Requirement: Within the listing that follows, how many lines contain the word "height"? Only the number is wanted.

The data:

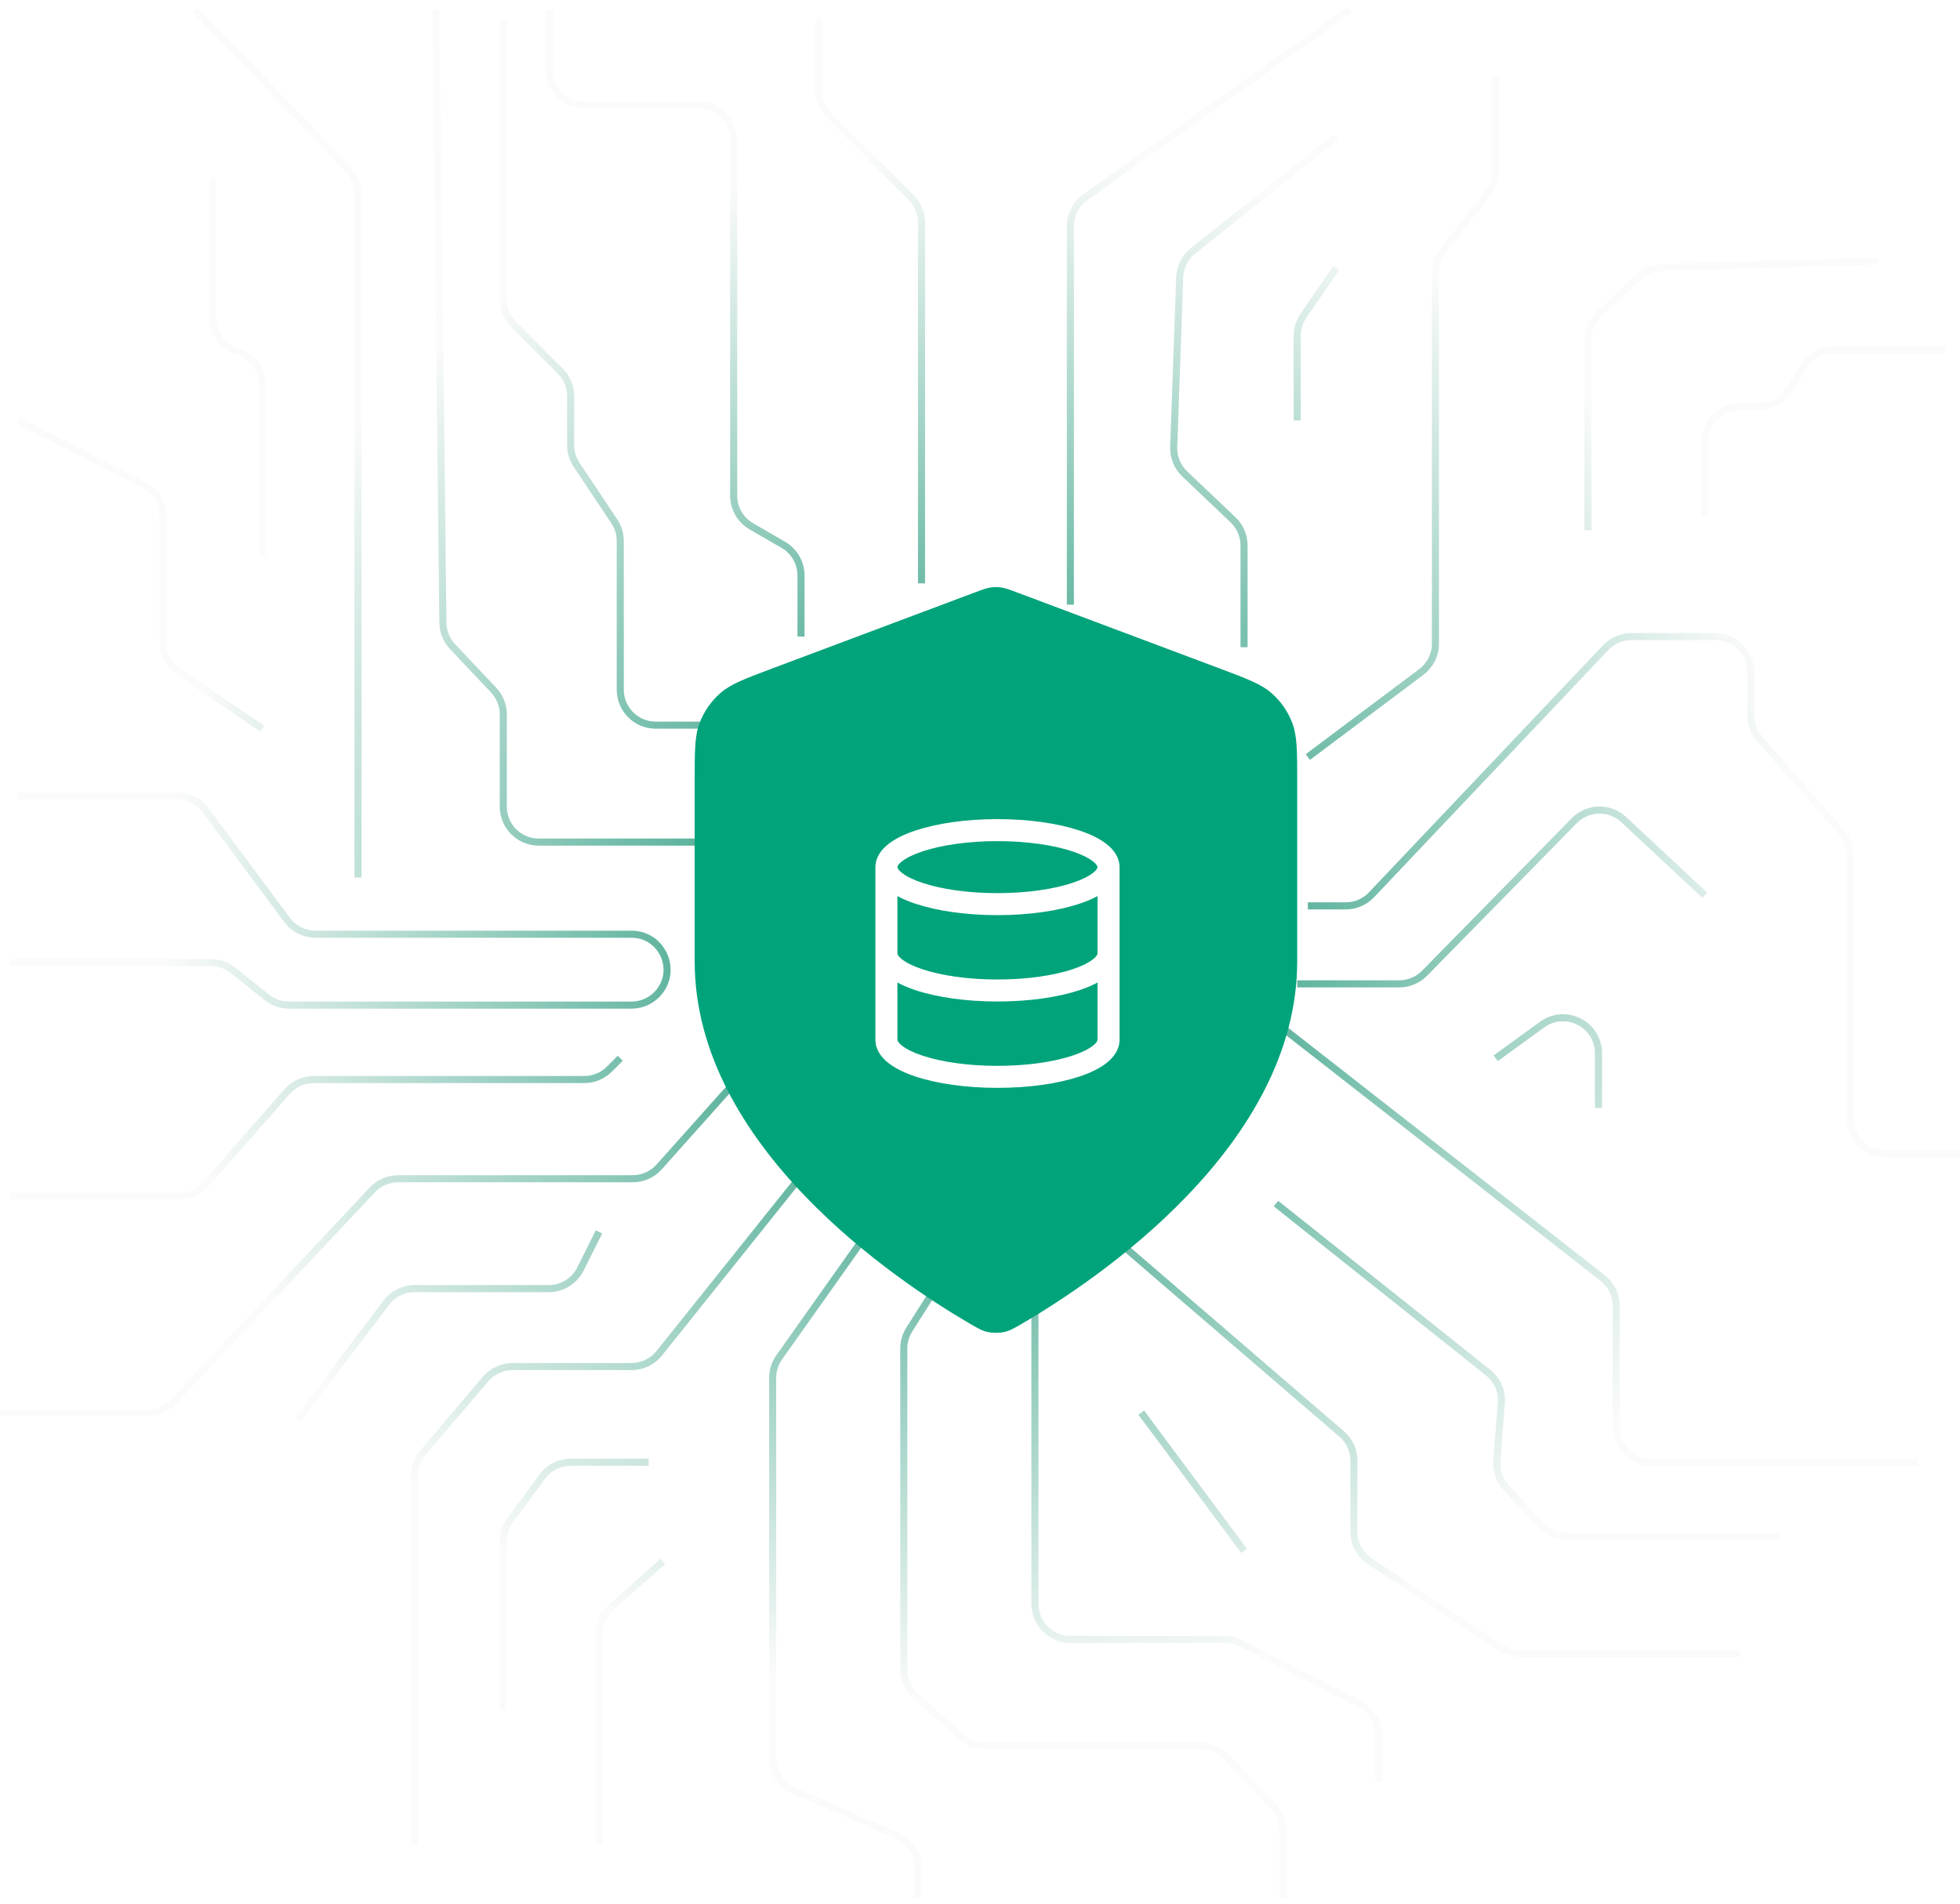 <?xml version="1.0" encoding="utf-8"?>
<svg xmlns="http://www.w3.org/2000/svg" fill="none" height="100%" overflow="visible" preserveAspectRatio="none" style="display: block;" viewBox="0 0 210 204" width="100%">
<g id="Group 2055248377">
<path d="M144.684 1L116.285 21.131C115.28 21.843 114.684 22.997 114.684 24.229V64.797M87.722 2.139V9.68C87.722 10.687 88.122 11.653 88.834 12.365L97.622 21.154C98.334 21.866 98.734 22.832 98.734 23.839V62.519M58.861 1V7.456C58.861 9.553 60.561 11.253 62.658 11.253H74.81C76.907 11.253 78.608 12.953 78.608 15.051V53.114C78.608 54.469 79.33 55.722 80.502 56.401L83.928 58.384C85.101 59.063 85.823 60.315 85.823 61.67V68.215M53.924 2.139V32.085C53.924 33.092 54.324 34.058 55.036 34.77L60.027 39.761C60.739 40.473 61.139 41.439 61.139 42.446V47.698C61.139 48.448 61.361 49.181 61.777 49.805L65.818 55.866C66.234 56.49 66.456 57.223 66.456 57.973V73.911C66.456 76.009 68.156 77.709 70.253 77.709H75.57M46.709 1L47.452 66.73C47.462 67.685 47.832 68.601 48.488 69.295L52.887 73.953C53.553 74.658 53.924 75.591 53.924 76.56V86.443C53.924 88.54 55.624 90.24 57.721 90.24H75.57M20.886 1L37.299 18.126C37.976 18.833 38.354 19.774 38.354 20.754V75.051V94.038M22.785 19.228V34.02C22.785 35.625 23.794 37.056 25.305 37.596L25.581 37.695C27.092 38.235 28.101 39.666 28.101 41.271V59.481M1.899 85.304H18.978C20.178 85.304 21.308 85.872 22.025 86.835L30.76 98.582C31.476 99.546 32.606 100.114 33.807 100.114H67.668C70.853 100.114 72.623 103.797 70.634 106.284V106.284C69.913 107.184 68.822 107.709 67.668 107.709H30.952C30.09 107.709 29.253 107.415 28.58 106.877L24.964 103.984C24.291 103.445 23.454 103.152 22.592 103.152H1.139M66.456 113.405L65.29 114.571C64.577 115.283 63.611 115.684 62.604 115.684H33.617C32.525 115.684 31.485 116.154 30.765 116.974L22.02 126.924C21.299 127.745 20.26 128.215 19.168 128.215H1.139M83.924 115.684H80.688C79.606 115.684 78.575 116.145 77.855 116.952L70.626 125.048C69.906 125.855 68.875 126.316 67.793 126.316H42.656C41.607 126.316 40.606 126.75 39.888 127.514L18.593 150.182C17.875 150.946 16.874 151.38 15.825 151.38H0M64.177 132.013L62.189 135.989C61.546 137.276 60.231 138.089 58.792 138.089H44.42C43.231 138.089 42.11 138.646 41.392 139.595L31.899 152.139M89.24 121.759L70.634 145.018C69.913 145.919 68.822 146.443 67.668 146.443H54.918C53.806 146.443 52.749 146.931 52.027 147.778L45.337 155.632C44.752 156.319 44.43 157.192 44.43 158.094V197.709M69.494 156.696H61.159C59.953 156.696 58.818 157.27 58.102 158.241L54.664 162.907C54.184 163.559 53.924 164.349 53.924 165.159V183.278M137.468 203.405V196.187C137.468 195.214 137.095 194.277 136.424 193.572L131.376 188.258C130.659 187.503 129.664 187.076 128.623 187.076H105.502C104.567 187.076 103.666 186.731 102.969 186.108L98.101 181.752C97.296 181.032 96.835 180.003 96.835 178.922V144.506C96.835 143.787 97.04 143.082 97.425 142.475L104.051 132.013M95.696 128.215L83.484 145.457C83.029 146.098 82.785 146.865 82.785 147.652V171.886V188.393C82.785 189.9 83.676 191.265 85.056 191.87L96.084 196.712C97.463 197.318 98.354 198.682 98.354 200.189V203.405M110.886 140.747V171.886C110.886 173.983 112.586 175.684 114.684 175.684H131.236C131.838 175.684 132.431 175.827 132.967 176.101L145.655 182.6C146.924 183.25 147.722 184.555 147.722 185.98V190.873M115.063 128.975L143.743 153.661C144.581 154.383 145.063 155.433 145.063 156.539V164.145C145.063 165.421 145.705 166.613 146.771 167.315L160.821 176.576C161.442 176.985 162.168 177.203 162.911 177.203H186.456M136.709 128.975L159.439 147.087C160.423 147.872 160.955 149.093 160.858 150.349L160.382 156.543C160.3 157.608 160.671 158.659 161.403 159.437L165.205 163.476C165.922 164.239 166.923 164.671 167.97 164.671H190.633M136.709 109.608L171.705 136.948C172.626 137.668 173.165 138.772 173.165 139.941V152.899C173.165 154.996 174.865 156.696 176.962 156.696H205.443M138.987 105.43H149.925C150.944 105.43 151.921 105.02 152.635 104.292L168.672 87.948C170.115 86.477 172.467 86.425 173.974 87.831L182.658 95.937M140.127 97.076H144.189C145.232 97.076 146.229 96.647 146.946 95.89L172.041 69.401C172.758 68.644 173.755 68.215 174.798 68.215H183.797C185.895 68.215 187.595 69.915 187.595 72.013V76.662C187.595 77.582 187.929 78.47 188.535 79.162L197.288 89.167C197.894 89.859 198.228 90.748 198.228 91.667V119.861C198.228 121.958 199.928 123.658 202.025 123.658H210M140.127 81.127L152.278 72.013C153.235 71.296 153.797 70.17 153.797 68.975V29.258C153.797 28.418 154.076 27.601 154.59 26.936L159.461 20.633C159.974 19.968 160.253 19.152 160.253 18.311V8.215M170.127 56.823V36.438C170.127 35.391 170.559 34.391 171.321 33.673L175.535 29.708C176.21 29.072 177.094 28.706 178.02 28.677L201.266 27.962M182.658 55.304V47.329C182.658 45.232 184.358 43.532 186.456 43.532H188.528C189.838 43.532 191.054 42.857 191.748 41.747L193.315 39.24C194.009 38.13 195.226 37.456 196.535 37.456H208.481M143.165 14.671L127.825 26.872C126.956 27.564 126.433 28.601 126.394 29.711L125.756 47.899C125.718 48.986 126.148 50.036 126.936 50.785L132.109 55.7C132.864 56.417 133.291 57.412 133.291 58.453V69.354M71.013 167.329L65.452 172.272C64.641 172.993 64.177 174.026 64.177 175.11V197.709M28.101 78.089L19.134 72.003C18.092 71.297 17.468 70.12 17.468 68.861V55.347C17.468 53.922 16.671 52.617 15.402 51.967L1.899 45.051M143.165 28.721L139.656 33.825C139.22 34.459 138.987 35.209 138.987 35.977V45.051M122.278 151.38L133.291 166.19M160.253 113.405L165.241 109.793C167.752 107.975 171.266 109.769 171.266 112.869V118.722" id="Vector 37" stroke="url(#paint0_radial_0_1539)" stroke-width="0.759"/>
<g id="Group 2055248375">
<g filter="url(#filter0_i_0_1539)" id="Icon">
<path d="M103.892 141.833C104.785 142.354 105.232 142.615 105.862 142.75C106.351 142.855 107.065 142.855 107.554 142.75C108.184 142.615 108.631 142.354 109.524 141.833C117.384 137.245 138.986 122.831 138.986 103.014V83.706C138.986 80.478 138.986 78.864 138.459 77.477C137.993 76.251 137.235 75.157 136.252 74.29C135.139 73.309 133.629 72.742 130.609 71.609L108.975 63.491C108.136 63.176 107.716 63.019 107.285 62.956C106.902 62.901 106.514 62.901 106.131 62.956C105.699 63.019 105.28 63.176 104.441 63.491L82.807 71.609C79.787 72.742 78.277 73.309 77.164 74.29C76.18 75.157 75.423 76.251 74.957 77.477C74.43 78.864 74.43 80.478 74.43 83.706V103.014C74.43 122.831 96.032 137.245 103.892 141.833Z" fill="#00A37A"/>
</g>
<g id="database-01">
<path d="M119.949 102.177C119.949 101.526 119.421 100.998 118.769 100.998C118.118 100.998 117.59 101.526 117.59 102.177H118.769H119.949ZM96.153 102.177C96.153 101.526 95.625 100.998 94.974 100.998C94.322 100.998 93.794 101.526 93.794 102.177H94.974H96.153ZM118.769 92.923H117.59C117.59 92.955 117.572 93.172 117.104 93.541C116.65 93.899 115.919 94.273 114.912 94.609C112.908 95.277 110.065 95.71 106.871 95.71V96.889V98.069C110.248 98.069 113.355 97.614 115.658 96.847C116.803 96.465 117.815 95.984 118.564 95.393C119.301 94.813 119.949 93.987 119.949 92.923H118.769ZM106.871 96.889V95.71C103.677 95.71 100.835 95.277 98.831 94.609C97.823 94.273 97.093 93.899 96.638 93.541C96.171 93.172 96.153 92.955 96.153 92.923H94.974H93.794C93.794 93.987 94.442 94.813 95.178 95.393C95.928 95.984 96.94 96.465 98.085 96.847C100.388 97.614 103.494 98.069 106.871 98.069V96.889ZM94.974 92.923H96.153C96.153 92.892 96.171 92.674 96.638 92.306C97.093 91.948 97.823 91.574 98.831 91.238C100.835 90.57 103.677 90.137 106.871 90.137V88.957V87.778C103.494 87.778 100.388 88.232 98.085 89C96.94 89.382 95.928 89.862 95.178 90.453C94.442 91.034 93.794 91.859 93.794 92.923H94.974ZM106.871 88.957V90.137C110.065 90.137 112.908 90.57 114.912 91.238C115.919 91.574 116.65 91.948 117.104 92.306C117.572 92.674 117.59 92.892 117.59 92.923H118.769H119.949C119.949 91.859 119.301 91.034 118.564 90.453C117.815 89.862 116.803 89.382 115.658 89C113.355 88.232 110.248 87.778 106.871 87.778V88.957ZM118.769 102.177H117.59C117.59 102.214 117.57 102.432 117.107 102.798C116.657 103.156 115.931 103.529 114.926 103.864C112.928 104.531 110.086 104.964 106.871 104.964V106.143V107.323C110.267 107.323 113.374 106.869 115.673 106.102C116.816 105.72 117.825 105.239 118.572 104.647C119.308 104.064 119.949 103.238 119.949 102.177H118.769ZM106.871 106.143V104.964C103.657 104.964 100.815 104.531 98.817 103.864C97.812 103.529 97.086 103.156 96.635 102.798C96.173 102.432 96.153 102.214 96.153 102.177H94.974H93.794C93.794 103.238 94.435 104.064 95.171 104.647C95.918 105.239 96.927 105.72 98.07 106.102C100.369 106.869 103.476 107.323 106.871 107.323V106.143ZM94.974 92.923H93.794V111.431H94.974H96.153V92.923H94.974ZM94.974 111.431H93.794C93.794 112.492 94.435 113.318 95.171 113.901C95.918 114.493 96.927 114.974 98.07 115.356C100.369 116.123 103.476 116.577 106.871 116.577V115.397V114.218C103.657 114.218 100.815 113.785 98.817 113.118C97.812 112.783 97.086 112.409 96.635 112.052C96.173 111.686 96.153 111.467 96.153 111.431H94.974ZM106.871 115.397V116.577C110.267 116.577 113.374 116.123 115.673 115.356C116.816 114.974 117.825 114.493 118.572 113.901C119.308 113.318 119.949 112.492 119.949 111.431H118.769H117.59C117.59 111.467 117.57 111.686 117.107 112.052C116.657 112.409 115.931 112.783 114.926 113.118C112.928 113.785 110.086 114.218 106.871 114.218V115.397ZM118.769 111.431H119.949V92.923H118.769H117.59V111.431H118.769Z" fill="white" id="Icon_2"/>
</g>
</g>
</g>
<defs>
<filter color-interpolation-filters="sRGB" filterUnits="userSpaceOnUse" height="79.914" id="filter0_i_0_1539" width="64.557" x="74.43" y="62.915">
<feFlood flood-opacity="0" result="BackgroundImageFix"/>
<feBlend in="SourceGraphic" in2="BackgroundImageFix" mode="normal" result="shape"/>
<feColorMatrix in="SourceAlpha" result="hardAlpha" type="matrix" values="0 0 0 0 0 0 0 0 0 0 0 0 0 0 0 0 0 0 127 0"/>
<feOffset/>
<feGaussianBlur stdDeviation="10.847"/>
<feComposite in2="hardAlpha" k2="-1" k3="1" operator="arithmetic"/>
<feColorMatrix type="matrix" values="0 0 0 0 1 0 0 0 0 1 0 0 0 0 1 0 0 0 0.5 0"/>
<feBlend in2="shape" mode="normal" result="effect1_innerShadow_0_1539"/>
</filter>
<radialGradient cx="0" cy="0" gradientTransform="translate(105.57 98.975) rotate(89.896) scale(104.431 109.133)" gradientUnits="userSpaceOnUse" id="paint0_radial_0_1539" r="1">
<stop stop-color="#008966"/>
<stop offset="0.801" stop-color="#FBFBFB"/>
</radialGradient>
</defs>
</svg>

Expected answer: 2